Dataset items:
Segment Open

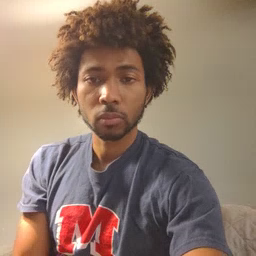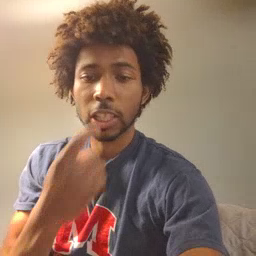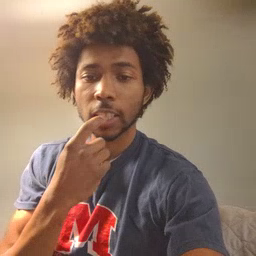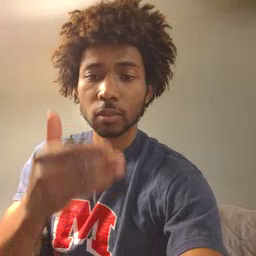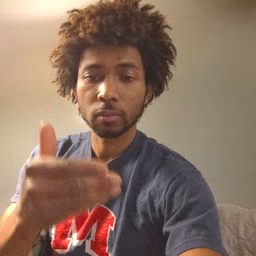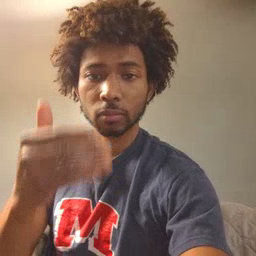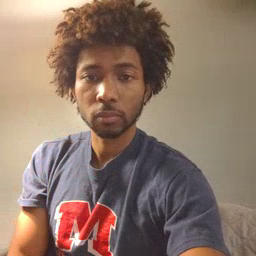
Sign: glasswindow
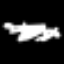
Label: squiggle
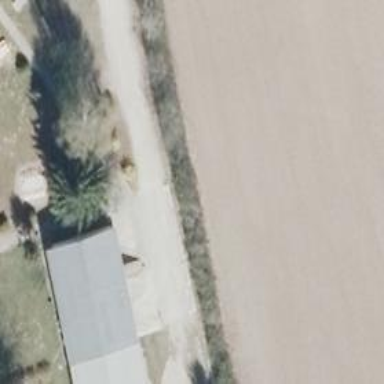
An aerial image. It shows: Driveway with sandy surface.
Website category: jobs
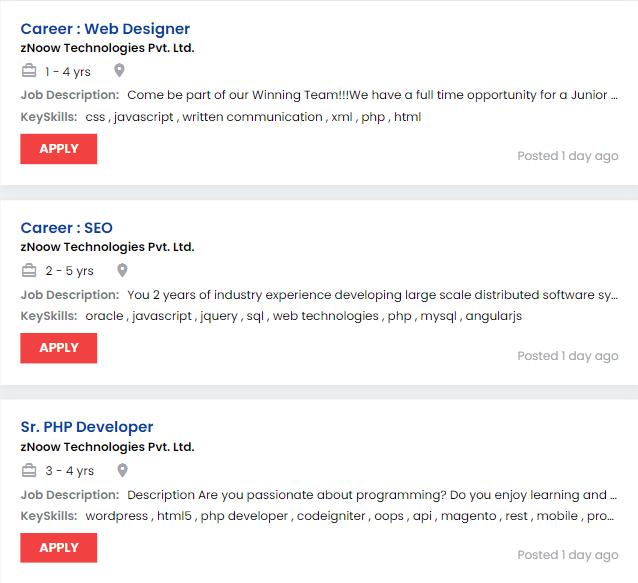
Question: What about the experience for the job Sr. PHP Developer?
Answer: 3 - 4 yrs

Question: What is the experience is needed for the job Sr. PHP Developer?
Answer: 3 - 4 yrs

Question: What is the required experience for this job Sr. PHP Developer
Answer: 3 - 4 yrs

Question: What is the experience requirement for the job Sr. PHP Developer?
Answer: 3 - 4 yrs

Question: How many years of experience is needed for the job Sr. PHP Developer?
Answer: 3 - 4 yrs

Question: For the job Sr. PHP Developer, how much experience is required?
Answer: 3 - 4 yrs

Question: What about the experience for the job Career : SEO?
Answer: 2 - 5 yrs

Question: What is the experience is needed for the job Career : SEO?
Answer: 2 - 5 yrs

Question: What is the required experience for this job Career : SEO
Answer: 2 - 5 yrs

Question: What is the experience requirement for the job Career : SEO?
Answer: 2 - 5 yrs

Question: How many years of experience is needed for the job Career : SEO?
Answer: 2 - 5 yrs

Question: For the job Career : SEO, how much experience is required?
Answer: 2 - 5 yrs

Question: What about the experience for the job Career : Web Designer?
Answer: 1 - 4 yrs

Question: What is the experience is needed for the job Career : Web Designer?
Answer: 1 - 4 yrs

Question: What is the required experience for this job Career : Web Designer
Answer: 1 - 4 yrs

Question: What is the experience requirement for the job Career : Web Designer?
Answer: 1 - 4 yrs

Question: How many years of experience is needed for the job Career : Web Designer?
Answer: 1 - 4 yrs

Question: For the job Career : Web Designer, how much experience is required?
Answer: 1 - 4 yrs

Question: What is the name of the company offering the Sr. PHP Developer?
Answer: zNoow Technologies Pvt. Ltd.

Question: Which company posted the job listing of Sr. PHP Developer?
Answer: zNoow Technologies Pvt. Ltd.

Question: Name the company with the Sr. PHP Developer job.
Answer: zNoow Technologies Pvt. Ltd.

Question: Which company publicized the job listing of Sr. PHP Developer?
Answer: zNoow Technologies Pvt. Ltd.

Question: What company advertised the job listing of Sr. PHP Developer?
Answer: zNoow Technologies Pvt. Ltd.

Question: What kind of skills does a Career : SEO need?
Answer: oracle , javascript , jquery , sql , web technologies , php , mysql , angularjs

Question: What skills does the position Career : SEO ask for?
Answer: oracle , javascript , jquery , sql , web technologies , php , mysql , angularjs

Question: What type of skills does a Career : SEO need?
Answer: oracle , javascript , jquery , sql , web technologies , php , mysql , angularjs

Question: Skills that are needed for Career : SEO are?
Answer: oracle , javascript , jquery , sql , web technologies , php , mysql , angularjs

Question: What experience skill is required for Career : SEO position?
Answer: oracle , javascript , jquery , sql , web technologies , php , mysql , angularjs

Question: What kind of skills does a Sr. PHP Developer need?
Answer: wordpress , html5 , php developer , codeigniter , oops , api , magento , rest , mobile , problem solving , infrastructure , php , soap

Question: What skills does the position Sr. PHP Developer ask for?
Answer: wordpress , html5 , php developer , codeigniter , oops , api , magento , rest , mobile , problem solving , infrastructure , php , soap

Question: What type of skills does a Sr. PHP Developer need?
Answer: wordpress , html5 , php developer , codeigniter , oops , api , magento , rest , mobile , problem solving , infrastructure , php , soap

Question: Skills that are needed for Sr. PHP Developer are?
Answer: wordpress , html5 , php developer , codeigniter , oops , api , magento , rest , mobile , problem solving , infrastructure , php , soap

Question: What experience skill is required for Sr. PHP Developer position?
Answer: wordpress , html5 , php developer , codeigniter , oops , api , magento , rest , mobile , problem solving , infrastructure , php , soap

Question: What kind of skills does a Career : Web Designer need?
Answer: css , javascript , written communication , xml , php , html

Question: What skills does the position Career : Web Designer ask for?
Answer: css , javascript , written communication , xml , php , html

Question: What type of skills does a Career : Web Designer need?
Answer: css , javascript , written communication , xml , php , html

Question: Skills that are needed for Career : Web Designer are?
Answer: css , javascript , written communication , xml , php , html

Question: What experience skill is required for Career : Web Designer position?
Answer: css , javascript , written communication , xml , php , html
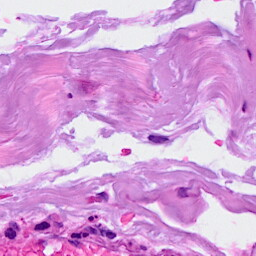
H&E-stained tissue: Breast
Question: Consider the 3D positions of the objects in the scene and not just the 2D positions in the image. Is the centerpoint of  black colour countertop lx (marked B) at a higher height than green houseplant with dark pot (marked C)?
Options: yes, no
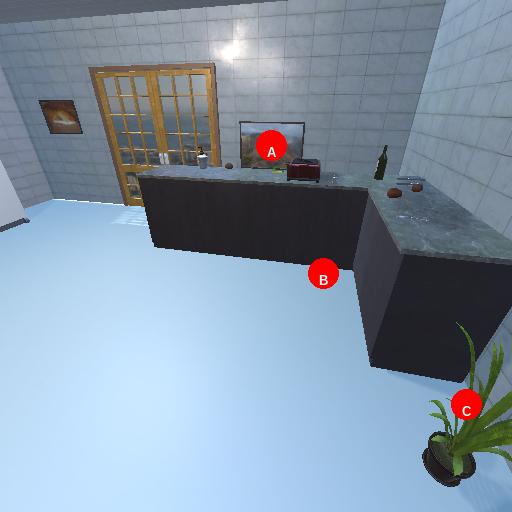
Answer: yes
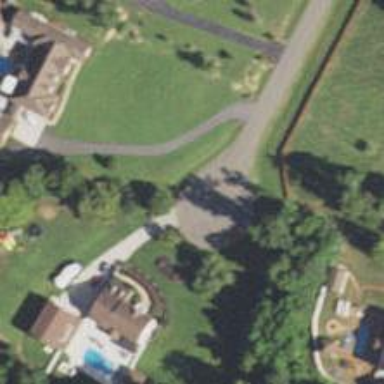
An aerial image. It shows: Driveway leading to service road.
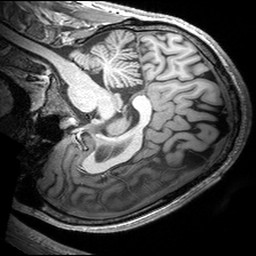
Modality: T1w
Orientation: sagittal
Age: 25
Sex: male
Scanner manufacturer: siemens
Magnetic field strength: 3 T
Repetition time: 2.53 s
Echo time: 0.00299 s
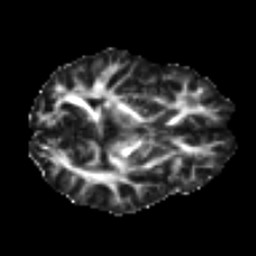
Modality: FA
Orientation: axial
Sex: female
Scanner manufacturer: ge
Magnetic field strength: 3 T
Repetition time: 7 s
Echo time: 0.08 s
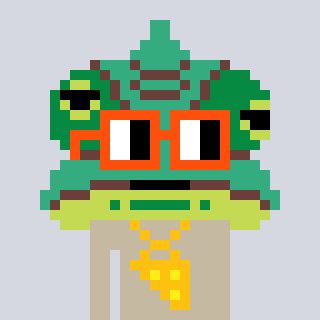
a pixel art character with square orange glasses, a chameleon-shaped head and a bege-colored body on a cool background
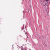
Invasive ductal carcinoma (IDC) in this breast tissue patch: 0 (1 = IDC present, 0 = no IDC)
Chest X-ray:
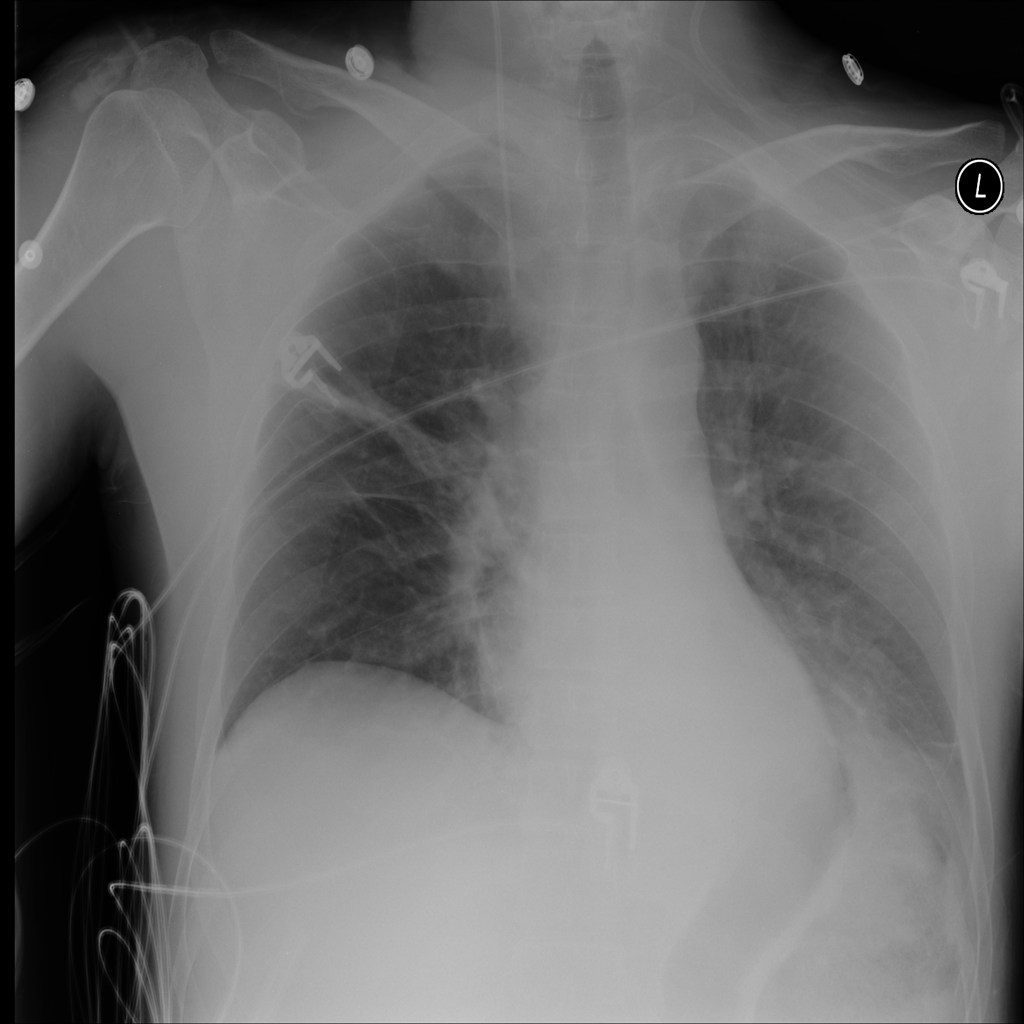
Findings: Consolidation, Nodule
No abnormal finding: no

Segment Closed

REQUIREMENT -
Although the records above contain pictures, the copy must not; set down exactly the lines from the one with "Question: What type of skills does a Career : Web" up to and including the one with "Answer: yes".

TASK ANSWER -
Question: What type of skills does a Career : Web Designer need?
Answer: css , javascript , written communication , xml , php , html

Question: Skills that are needed for Career : Web Designer are?
Answer: css , javascript , written communication , xml , php , html

Question: What experience skill is required for Career : Web Designer position?
Answer: css , javascript , written communication , xml , php , html
H&E-stained tissue: Breast
Question: Consider the 3D positions of the objects in the scene and not just the 2D positions in the image. Is the centerpoint of  black colour countertop lx (marked B) at a higher height than green houseplant with dark pot (marked C)?
Options: yes, no
Answer: yes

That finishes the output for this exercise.